Over a three-year period from 1997 to 2000, about 3,750 serious injuries, birth defects and deaths in children under 2 were linked to medications and reported to the Food and Drug Administration, according to a study in the November issue of Pediatrics.

The study, conducted by researchers at George Washington University and the University of Maryland, comes two weeks after a federal court said the FDA does not have the power to require drug makers to test adult medicines in children.

The study found 769 deaths and 664 cases of birth defects or disabilities possibly linked to drugs used in children or to medications taken by their mothers during pregnancy, delivery or breast-feeding.

"These results underscore the need for additional drug testing in the youngest pediatric patients and for carefully weighing the risks versus benefits of medication," the researchers said.

Adult medications are commonly prescribed for children without clinical testing on youngsters because such studies can raise ethical and practical concerns.

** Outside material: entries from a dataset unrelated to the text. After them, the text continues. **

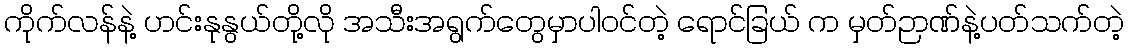
ကိုက်လန်နဲ့ ဟင်းနုနွယ်တို့လို အသီးအရွက်တွေမှာပါဝင်တဲ့ ရောင်ခြယ် က မှတ်ဉာဏ်နဲ့ပတ်သက်တဲ့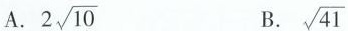
A. 2 \sqrt{10} B. \sqrt{41}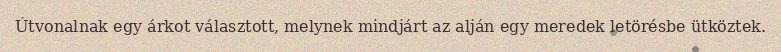
Útvonalnak egy árkot választott, melynek mindjárt az alján egy meredek letörésbe ütköztek.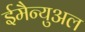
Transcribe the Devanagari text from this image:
ईमैन्युअल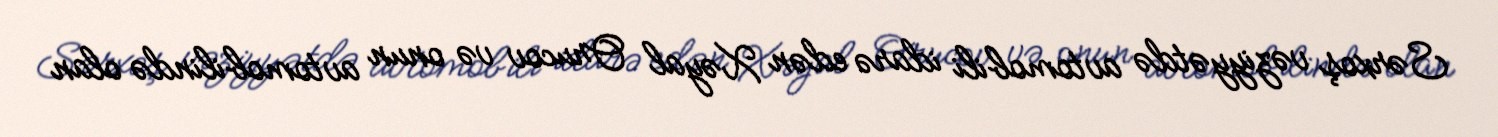
Sərxoş vəziyyətdə avtomobili idarə edən Xəyal Orucov və onun avtomobilində olan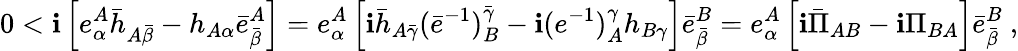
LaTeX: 0<\mathbf{i}\left[e_{\alpha}^{A}\bar{{h}}_{A\bar{{\beta}}}-h_{A\alpha}\bar{{e}}_{\bar{{\beta}}}^{A}\right]=e_{\alpha}^{A}\left[\mathbf{i}\bar{{h}}_{A\bar{{\gamma}}}(\bar{{e}}^{-1})_{B}^{\bar{{\gamma}}}-\mathbf{i}(e^{-1})_{A}^{\gamma}h_{B\gamma}\right]\bar{{e}}_{\bar{{\beta}}}^{B}=e_{\alpha}^{A}\left[\mathbf{i}\bar{{\Pi}}_{AB}-\mathbf{i}\Pi_{BA}\right]\bar{{e}}_{\bar{{\beta}}}^{B}\ ,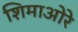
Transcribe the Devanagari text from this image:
शिमाओरे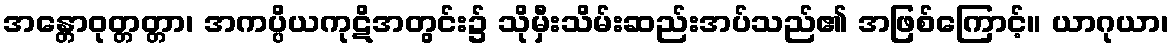
အန္တောဝုတ္တတ္တာ၊ အကပ္ပိယကုဋိအတွင်း၌ သိုမှီးသိမ်းဆည်းအပ်သည်၏ အဖြစ်ကြောင့်။ ယာဂုယာ၊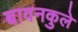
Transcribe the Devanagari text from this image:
बावनकुले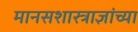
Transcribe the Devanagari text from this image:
मानसशास्त्राज्ञांच्या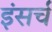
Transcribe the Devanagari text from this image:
इंसर्च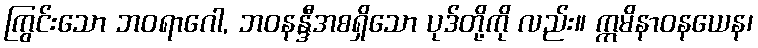
ကြွင်းသော ဘဝရာဂေါ, ဘဝနန္ဒီအစရှိသော ပုဒ်တို့ကို လည်း။ ဣမိနာဝနယေန၊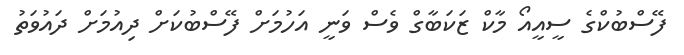
ފޭސްބުކްގެ ސީއީއޯ މާކް ޒަކަބާގް ވެސް ވަނީ އަހުމަށް ފޭސްބުކަށް ދިއުމަށް ދައުވަތު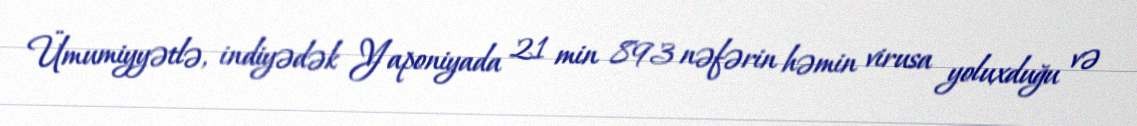
Ümumiyyətlə, indiyədək Yaponiyada 21 min 893 nəfərin həmin virusa yoluxduğu və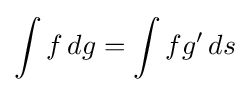
\int f\,dg=\int fg'\,ds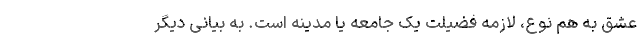
عشق به ‌هم ‌نوع، لازمه فضیلت یک جامعه یا مدینه است. به بیانی دیگر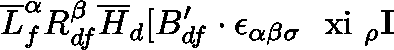
\overline { { { L } } } _ { f } ^ { \alpha } R _ { d f } ^ { \beta } \overline { { { H } } } _ { d } [ B _ { d f } ^ { \prime } \cdot \epsilon _ { \alpha \beta \sigma } \mathrm { \boldmath ~ \ x i ~ } _ { \rho } { \bf I }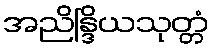
အညိန္ဒြိယသုတ္တံ

"There is extremely limited testing of drugs, so it is very hard to know how to use them well" in children, said lead researcher Thomas J. Moore, a health policy analyst at George Washington University.

The researchers cautioned that when a report is filed about an apparent adverse drug effect, it does not necessarily mean the medicine was at fault.

Dr. Charles J. Cote, a pediatric anesthesiologist at Children's Memorial Hospital in Chicago who was not involved in the study, said it is often hard to determine whether a very sick child died from the drug or the illness.